# 2009 NBA Playoffs 1st Round: (1) Los Angeles Lakers vs. (8) Utah Jazz - Game 1



## Basel (Mar 31, 2005)

​


----------



## Cap (Nov 5, 2003)

Lakers in 5, hopefully. Utah is a really good team though, they're only one good D-first guy away from being a serious 60 win squad.


----------



## King Sancho Fantastic (Jul 19, 2005)

**** that ****! Lakers in 4!


----------



## The Big Youngistotle (Apr 16, 2009)

This could be an even more boring series than when the Lakers swept the Nuggets last year...Unless Deron Williams wants to get throwing "message" screens Bynum's way. That could make things real interesting...


----------



## Damian Necronamous (Jun 10, 2002)

I'm saying Lakers in 5.


----------



## Cris (Jun 18, 2003)

Lakers in 5. Jazz are going to grab game three.


----------



## psiops (Apr 15, 2009)

Cris said:


> Lakers in 5. Jazz are going to grab game three.


Me too. Jazz will not give up easily even if they are on the number 8 spot and playoffs are totally different ball game.


----------



## Cris (Jun 18, 2003)

psiops said:


> Me too. Jazz will not give up easily even if they are on the number 8 spot and playoffs are totally different ball game.


Welcome to the site!


----------



## Darth Bryant (Feb 1, 2005)

Lakers in 4.

I just cant see them dropping one on the road or at home to Utah, without a healthy boozer in the paint.


----------



## kobesthegoat (Jul 14, 2005)

I say lakers in 4 i think the excitement will give us enough push to sweep


----------



## Basel (Mar 31, 2005)

Mehmet Okur is likely out for Game 1 (but should be back for Game 2).


----------



## PauloCatarino (May 31, 2003)

Lakers in 5. Maybe 6 (Deron is THAT great a player and Sloan THAT great a coach)..


----------



## nguyen_milan (Jun 28, 2005)

damn, I cant access to the NBA League Pass International Broadband, it said server too busy. Damm it. But the Lakers game is still tomorrow (>.<)


----------



## ceejaynj (Oct 9, 2005)

Lakers in five.
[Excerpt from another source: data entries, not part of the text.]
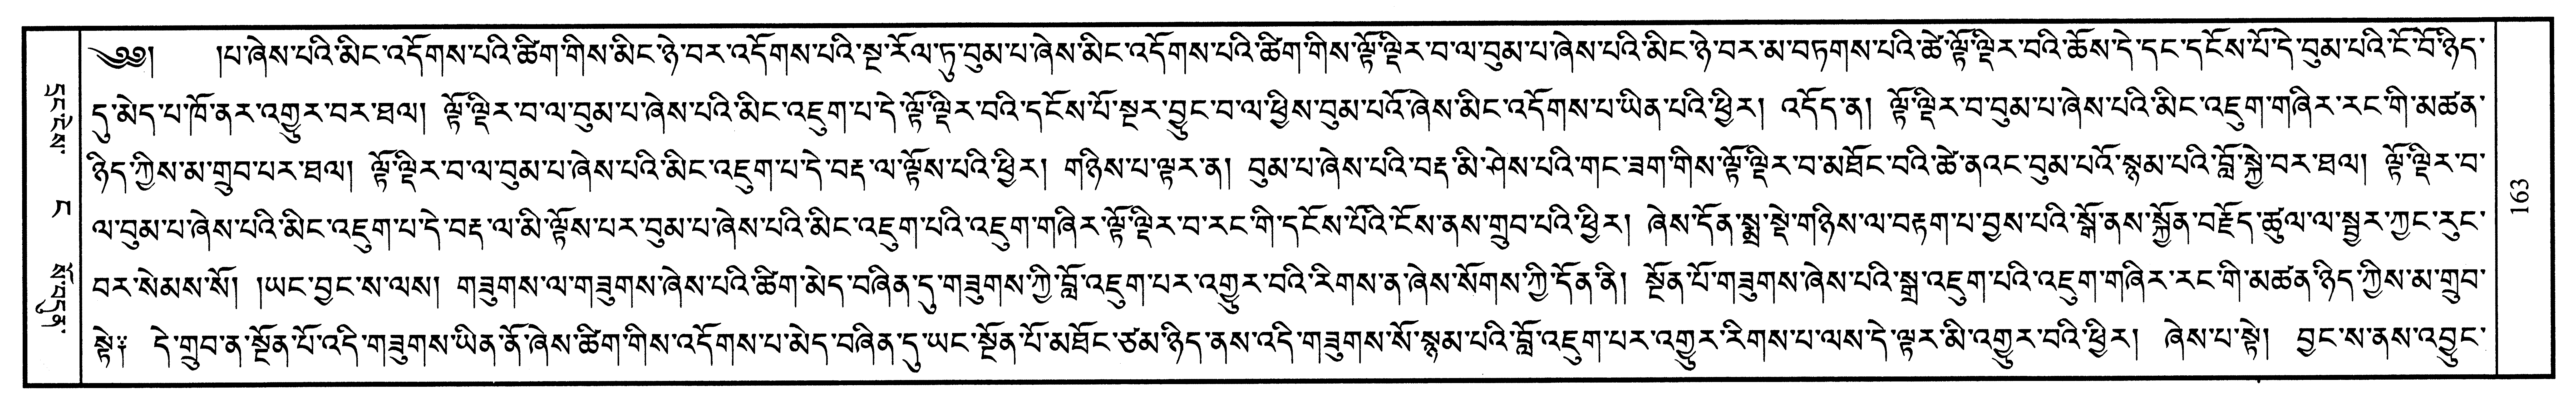༄༅། །པ་ཞེས་པའི་མིང་འདོགས་པའི་ཚིག་གིས་མིང་ཉེ་བར་འདོགས་པའི་སྔ་རོལ་ཏུ་བུམ་པ་ཞེས་མིང་འདོགས་པའི་ཚིག་གིས་ལྟོ་ལྡིར་བ་ལ་བུམ་པ་ཞེས་པའི་མིང་ཉེ་བར་མ་བཏགས་པའི་ཚེ་ལྟོ་ལྡིར་བའི་ཆོས་དེ་དང་དངོས་པོ་དེ་བུམ་པའི་ངོ་བོ་ཉིད་
དུ་མེད་པ་ཁོ་ནར་འགྱུར་བར་ཐལ། ལྟོ་ལྡིར་བ་ལ་བུམ་པ་ཞེས་པའི་མིང་འཇུག་པ་དེ་ལྟོ་ལྡིར་བའི་དངོས་པོ་སྔར་བྱུང་བ་ལ་ཕྱིས་བུམ་པའོ་ཞེས་མིང་འདོགས་པ་ཡིན་པའི་ཕྱིར། འདོད་ན། ལྟོ་ལྡིར་བ་བུམ་པ་ཞེས་པའི་མིང་འཇུག་གཞིར་རང་གི་མཚན་
ཉིད་ཀྱིས་མ་གྲུབ་པར་ཐལ། ལྟོ་ལྡིར་བ་ལ་བུམ་པ་ཞེས་པའི་མིང་འཇུག་པ་དེ་བརྡ་ལ་ལྟོས་པའི་ཕྱིར། གཉིས་པ་ལྟར་ན། བུམ་པ་ཞེས་པའི་བརྡ་མི་ཤེས་པའི་གང་ཟག་གིས་ལྟོ་ལྡིར་བ་མཐོང་བའི་ཚེ་ནའང་བུམ་པའོ་སྙམ་པའི་བློ་སྐྱེ་བར་ཐལ། ལྟོ་ལྡིར་བ་
ལ་བུམ་པ་ཞེས་པའི་མིང་འཇུག་པ་དེ་བརྡ་ལ་མི་ལྟོས་པར་བུམ་པ་ཞེས་པའི་མིང་འཇུག་པའི་འཇུག་གཞིར་ལྟོ་ལྡིར་བ་རང་གི་དངོས་པོའི་ངོས་ནས་གྲུབ་པའི་ཕྱིར། ཞེས་དོན་སྨྲ་སྡེ་གཉིས་ལ་བརྟག་པ་བྱས་པའི་སྒོ་ནས་སྐྱོན་བརྗོད་ཚུལ་ལ་སྦྱར་ཀྱང་རུང་
བར་སེམས་སོ། །ཡང་བྱང་ས་ལས། གཟུགས་ལ་གཟུགས་ཞེས་པའི་ཚིག་མེད་བཞིན་དུ་གཟུགས་ཀྱི་བློ་འཇུག་པར་འགྱུར་བའི་རིགས་ན་ཞེས་སོགས་ཀྱི་དོན་ནི། སྔོན་པོ་གཟུགས་ཞེས་པའི་སྒྲ་འཇུག་པའི་འཇུག་གཞིར་རང་གི་མཚན་ཉིད་ཀྱིས་མ་གྲུབ་
སྟེ༑ དེ་གྲུབ་ན་སྔོན་པོ་འདི་གཟུགས་ཡིན་ནོ་ཞེས་ཚིག་གིས་འདོགས་པ་མེད་བཞིན་དུ་ཡང་སྔོན་པོ་མཐོང་ཙམ་ཉིད་ནས་འདི་གཟུགས་སོ་སྙམ་པའི་བློ་འཇུག་པར་འགྱུར་རིགས་པ་ལས་དེ་ལྟར་མི་འགྱུར་བའི་ཕྱིར། ཞེས་པ་སྟེ། བྱང་ས་ནས་འབྱུང་

We should win in four, but always find a way to get complacent when things go too well.


----------



## Basel (Mar 31, 2005)

Game is in an hour and a half!


----------



## DANNY (Aug 9, 2005)

i'm gonna get cocky and say lakers in 4.


----------



## Basel (Mar 31, 2005)

> *Scouting Report Lakers vs Jazz
> 
> Tuesday, Apr 14
> 
> ...


http://my.lakers.com/lakers/news.html?id=5


----------



## Basel (Mar 31, 2005)

> _We asked the man who’s seen the Jazz in person more than anybody else in Los Angeles for his scouting report: Lakers Advance Scout Rasheed Hazzard. As a table setter, here’s what Hazzard’s job encapsulates, in his words:_
> 
> “The advance scout is basically the checks and balances guy. Our coaches work hard – they watch film, they diagram what other teams are doing and so on, and I take that information, go to the game, and chart every possession. I see what play calls the other team is hollering out, and once I see them running it two or three times, maybe I catch different wrinkles to it, and catch tendencies that you pick up on by being there. I bring back all the play calls that I can get, and add any insight I may have in terms of what other teams did against the team I’m scouting that worked against them. For example, when I watched Utah play Dallas last week, I kept an eye on what plays worked well against them. Still, my major job is to get play calls and to know how to communicate that back to the coaches.”
> 
> ...


http://www.nba.com/lakers/news/09playoff_preview_a.html


----------



## Bartholomew Hunt (Mar 4, 2003)

Sweep!


----------



## Basel (Mar 31, 2005)

Who all is going to be posting in this thread? Or in the thread in the Playoffs forum?


----------



## DaRizzle (May 22, 2007)

Ill be posting in the Playoff forum....oh wait :evil:


Go ****ing Lakers! Its on!!!!!!!!!!!!!!!!!!!!!!


----------



## Basel (Mar 31, 2005)

I am so ****ing pumped up for this game right now!


----------



## Basel (Mar 31, 2005)

Nice start by Ariza with back-to-back 3's!


----------



## Basel (Mar 31, 2005)

Loving what I'm seeing from Brown & Ariza already. Lakers up 17-10!


----------



## DANNY (Aug 9, 2005)

didnt know chris brown played basketball hahaha


----------



## Basel (Mar 31, 2005)

DANNY said:


> didnt know chris brown played basketball hahaha


:laugh:

Yeah that was amusing.


----------



## Basel (Mar 31, 2005)

Like Mark Jackson just said, quaility minutes from Shannon Brown.


----------



## Basel (Mar 31, 2005)

Kobe needs 16 points to pass Magic Johnson on the All-Time Lakers Playoff Scoring List.


----------



## kobesthegoat (Jul 14, 2005)

brown is looking really good, i do think bynum needs to grab more rebounds 2 in the first half is not good, but we are up so that is all that matters


----------



## JerryWest (Jun 24, 2002)

too bad we didn't start Ariza earlier the season, we may have ended up with a better record the Cavs


----------



## Basel (Mar 31, 2005)

Active game thread.

Lakers - 1. 
Utah - 0.


----------



## PauloCatarino (May 31, 2003)

Dammit! Missed the game completely. Didin't bother to check out the time and now it's iover (i thought it would be later on, because it said so in this ******* newspaper). Dammit.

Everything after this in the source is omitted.